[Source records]
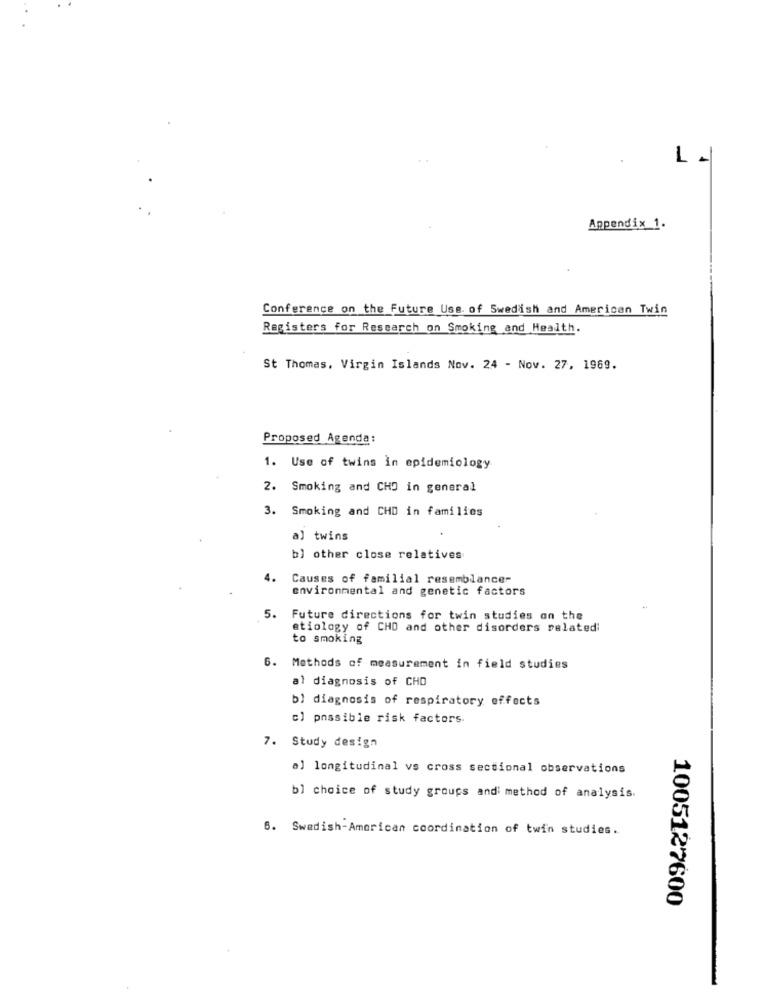
1 -
Appendix 1.
Conference on the Future Use. of Swedish and American Twin
Registers for Research on Smoking and Health.
St Thomas, Virgin Islands Nov. 24 - Nov. 27, 1969.
Proposed Agenda:
1. Use of twins in epidemiology
2. Smoking and CHO in general
3. Smoking and CHD in families
a] twins
b) other close relatives
4.
Causes of familial resemblance=
environmental and genetic factors
5.
Future directions for twin studies on the
etiology of CHO and other disorders related:
to smoking
6. Methods of measurement in field studies
al diagnosis of CHO
bl diagnosis of respiratory effects
cl possible risk factors.
7. Study design
a] longitudinal vs cross sectional observations
bl choice of study groups and method of analysis.
6. Swedish-American coordination of twin studies.
1005127600
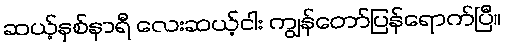
ဆယ့်နှစ်နာရီ လေးဆယ့်ငါး ကျွန်တော်ပြန်ရောက်ပြီ။
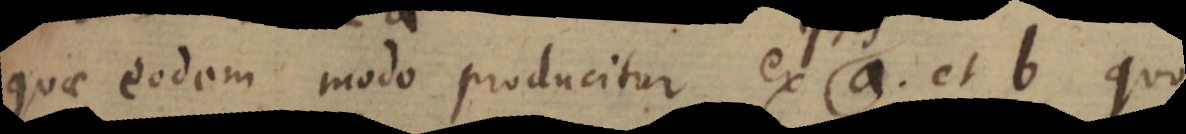
quae eodem modo producitur ex (a et b quo
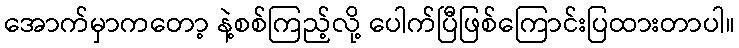
အောက်မှာကတော့ နဲ့စစ်ကြည့်လို့ ပေါက်ပြီဖြစ်ကြောင်းပြထားတာပါ။
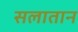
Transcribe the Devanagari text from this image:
सलातान
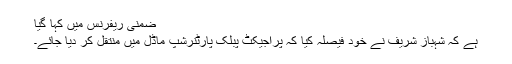
ضمنی ریفرنس میں کہا گیا
ہے کہ شہباز شریف نے خود فیصلہ کیا کہ پراجیکٹ پبلک پارٹنرشپ ماڈل میں منتقل کر دیا جائے۔
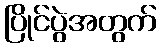
ပြိုင်ပွဲအတွက်
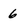
Character: 6
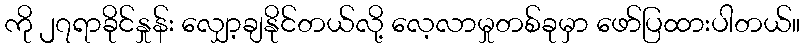
ကို ၂၇ရာခိုင်နှုန်း လျှော့ချနိုင်တယ်လို့ လေ့လာမှုတစ်ခုမှာ ဖော်ပြထားပါတယ်။
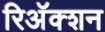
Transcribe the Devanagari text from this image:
रिअॅक्शन
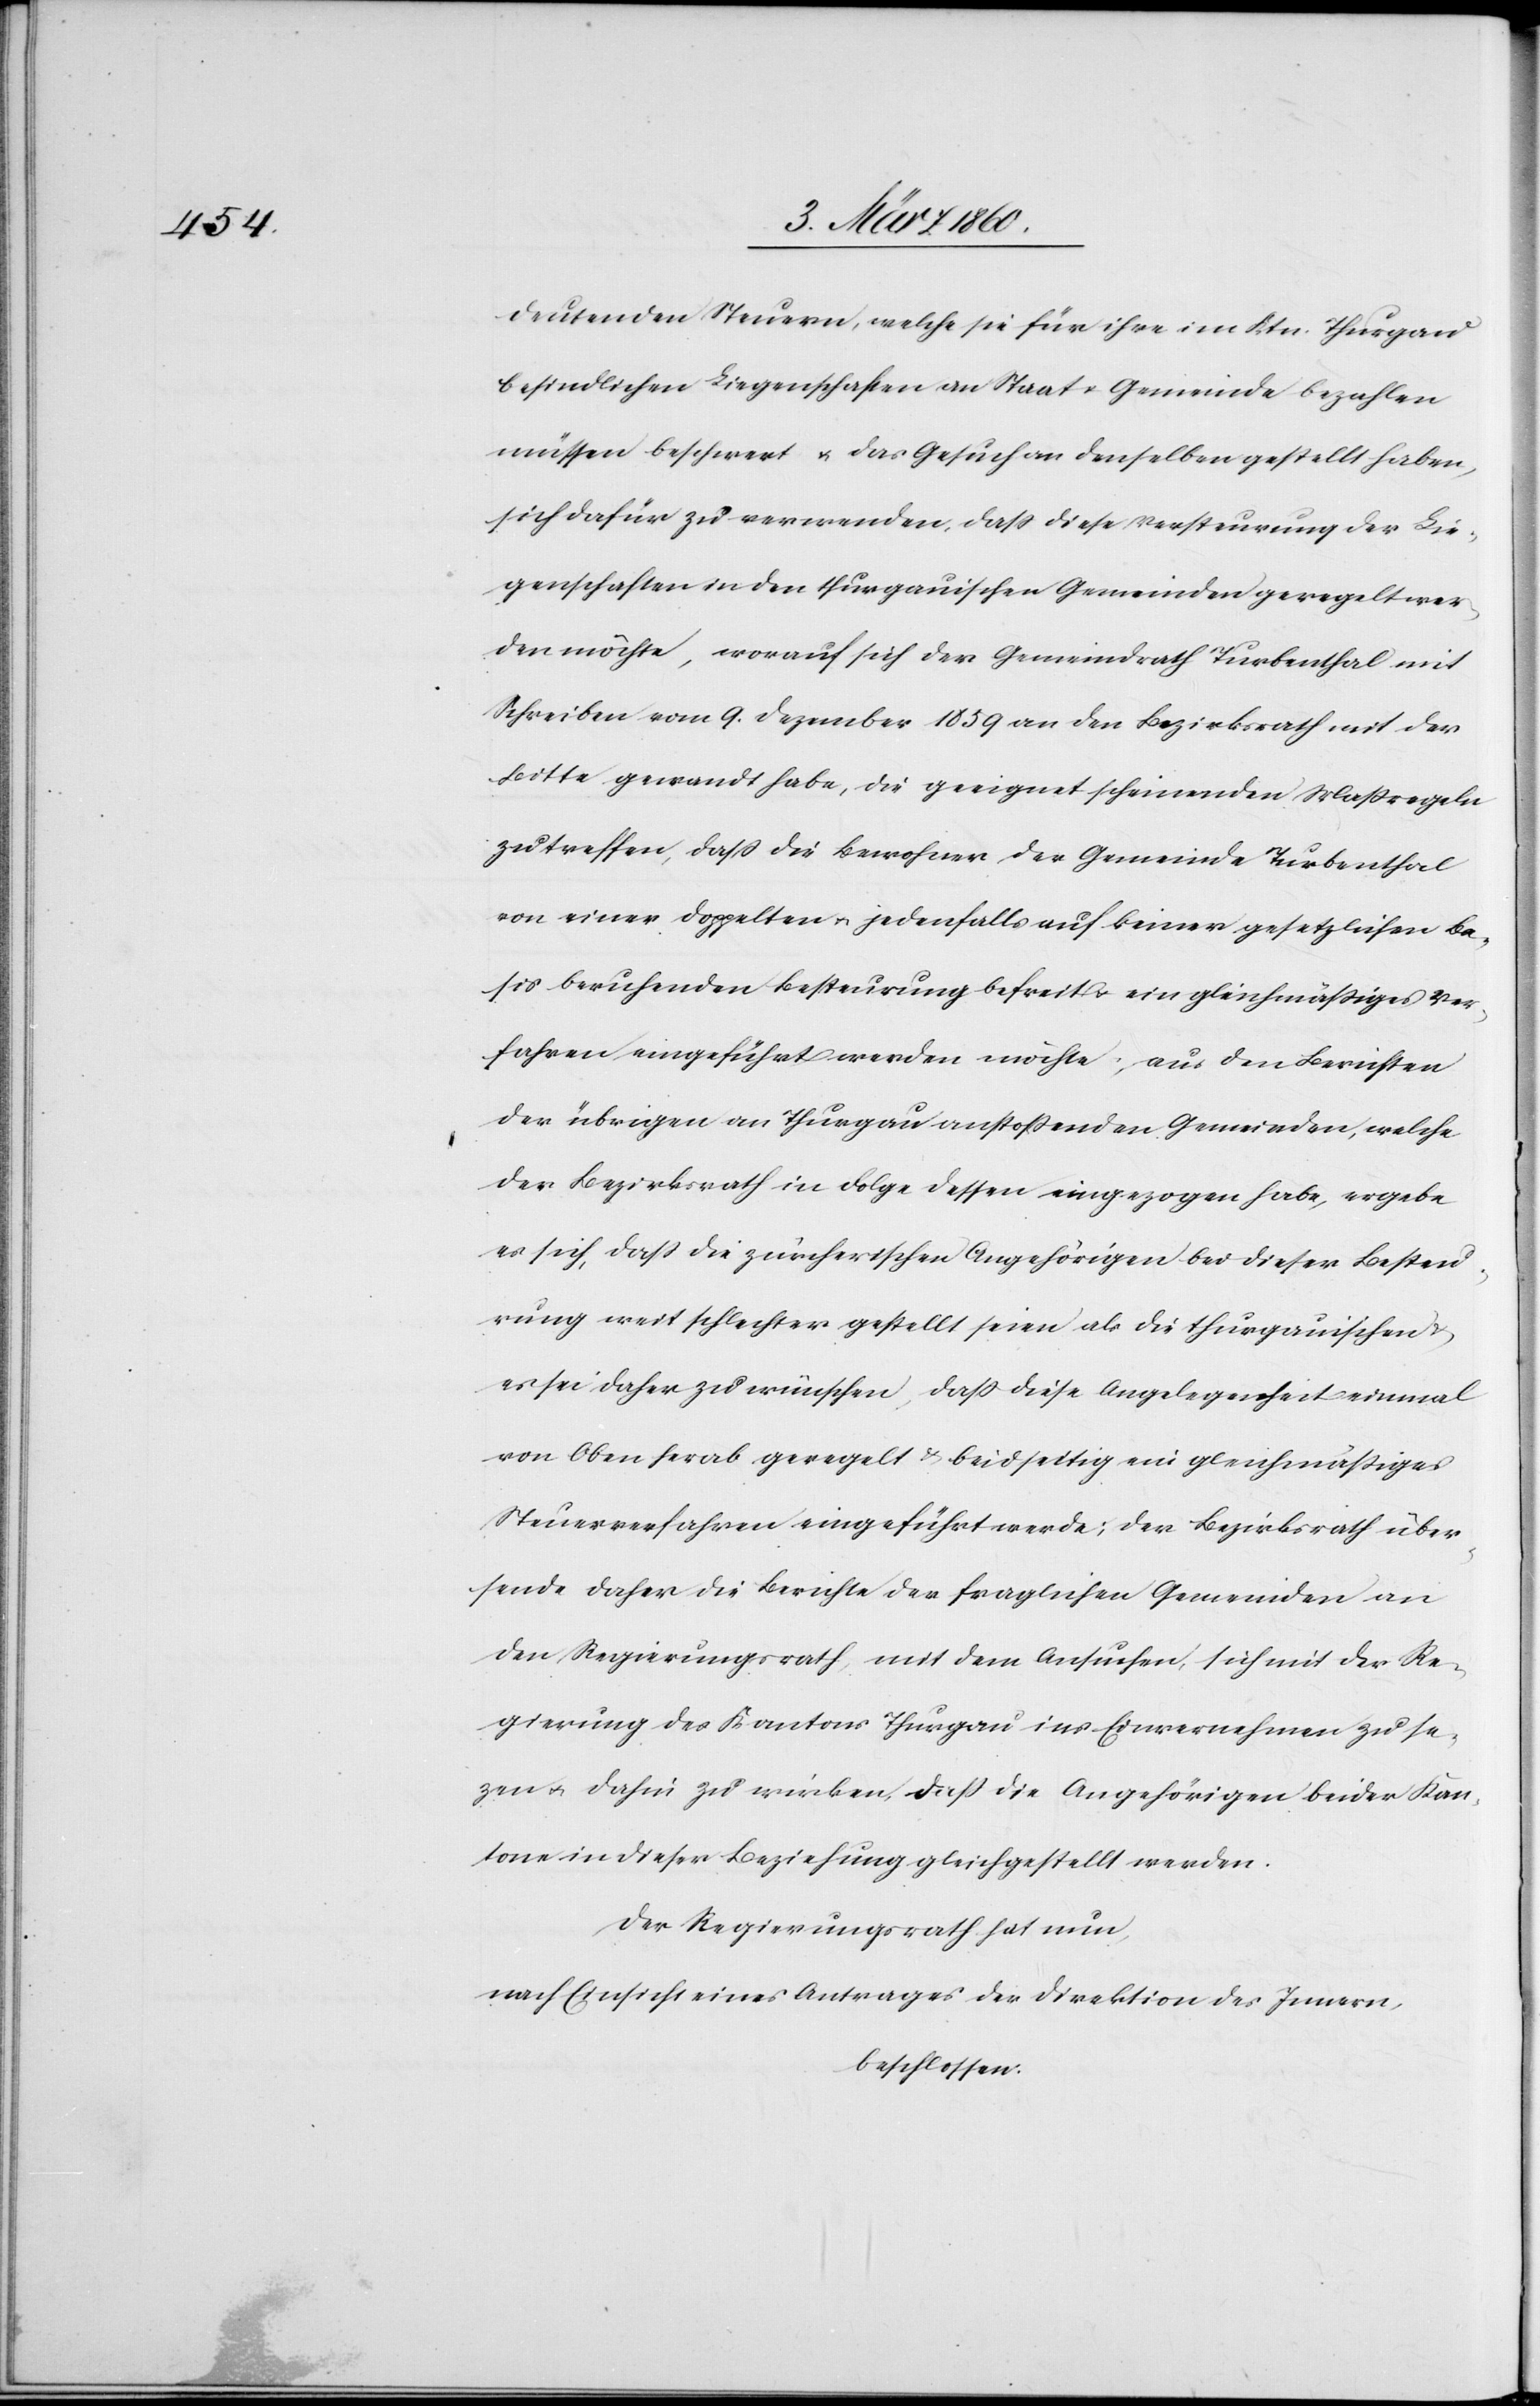
deutenden Steuern, welche sie für ihre im Ktn. Thurgau
befindlichen Liegenschaften an Staat u. Gemeinde bezahlen
müssen beschwert u. das Gesuch an denselben gestellt haben,
sich dafür zu verwenden, dass diese Versteuerung der Lie¬
genschaften in den thurgauischen Gemeinden geregelt wer¬
den möchte, worauf sich der Gemeindrath Turbenthal mit
Schreiben vom 9. Dezember 1859 an den Bezirksrath mit der
Bitte gewandt habe, die geeignet scheinenden Massregeln
zu treffen, dass die Bewohner der Gemeinde Turbenthal
von einer Doppelten u. jedenfalls auf keiner gesetzlichen Ba¬
sis beruhenden Besteurung befreit u. ein gleichmäßiges Ver¬
fahren eingeführt werden möchte; aus den Berichten
der übrigen an Thurgau anstoßenden Gemeinde, welche
der Bezirksrath in Folge dessen eingezogen habe, ergebe
es sich, dass die zürcherischen Angehörigen bei dieser Besteu¬
rung weit schlechter gestellt seien als die thurgauischen
es sei daher zu wünschen, dass diese Angelegenheit einmal
von Oben herab geregelt u. beidseitig ein gleichmässiges
Steuerverfahren eingeführt werde; der Bezirksrath über¬
sende daher die Berichte der fraglichen Gemeinden an
den Regierungsrath, mit dem Ansuchen, sich mit der Re¬
gierung des Kantons Thurgau ins Einvernehmen zu set¬
zen u. dahin zu wirken, dass die Angehörigen beider Kan¬
tone in dieser Beziehung gleichgestellt werden.
Der Regierungsrath hat nun,
nach Einsicht eines Antrages der Direktion des Innern,
beschlossen:
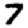
Digit: 7
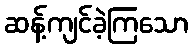
ဆန့်ကျင်ခဲ့ကြသော
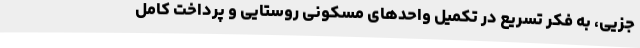
جزیی، به فکر تسریع در تکمیل واحدهای مسکونی روستایی و پرداخت کامل
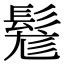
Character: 𩭒
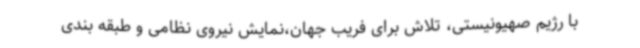
با رژیم صهیونیستی، تلاش برای فریب جهان،نمایش نیروی نظامی و طبقه بندی
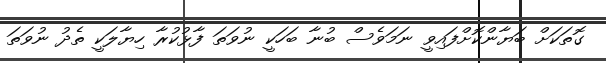
ގޮތަކަށް ބަޔާންކޮށްފައިވީ ނަމަވެސް ބުނާ ބަހަކީ ނުވަތަ ފާޅުކުރާ ހިޔާލަކީ ތެދު ނުވަތަ
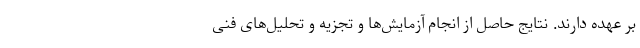
بر عهده دارند. نتایج حاصل از انجام آزمایش‌ها و تجزیه و تحلیل‌های فنی
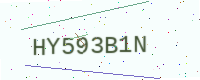
Text: HY593B1N
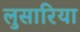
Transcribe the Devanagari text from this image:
लुसारिया
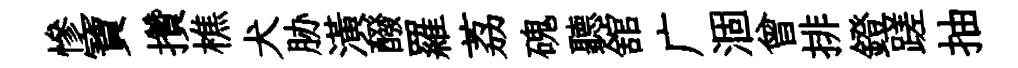
慘寶攢樵犬胁潢醱羅荔磈聽舘广涸曾排鐙蹉抽
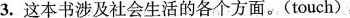
3.这本书涉及社会生活的各个方面。(touch)
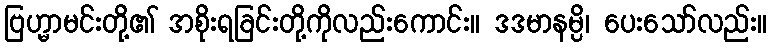
ဗြဟ္မာမင်းတို့၏ အစိုးရခြင်းတို့ကိုလည်းကောင်း။ ဒဒမာနမ္ပိ၊ ပေးသော်လည်း။
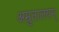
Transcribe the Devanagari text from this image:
अम्रुतालयम्
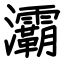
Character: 灞
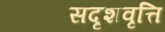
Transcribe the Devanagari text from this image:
सदृशवृत्ति
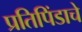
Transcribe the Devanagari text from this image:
प्रतिपिंडाचे
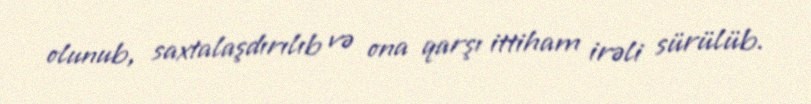
olunub, saxtalaşdırılıb və ona qarşı ittiham irəli sürülüb.
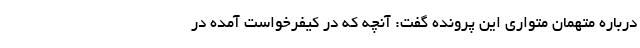
درباره متهمان متواری این پرونده گفت: آنچه که در کیفرخواست آمده در
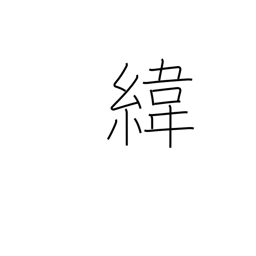
Meaning: (parallels of) latitude
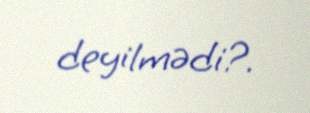
deyilmədi?.
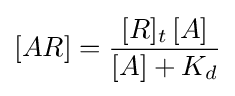
[AR]={\frac {[R]_{t}\,[A]}{[A]+K_{d}}}

**TASK STATEMENT**
Go through the lines above and count those with the string "thurgauischen". Reply with the count and nothing more.

**TASK ANSWER**
2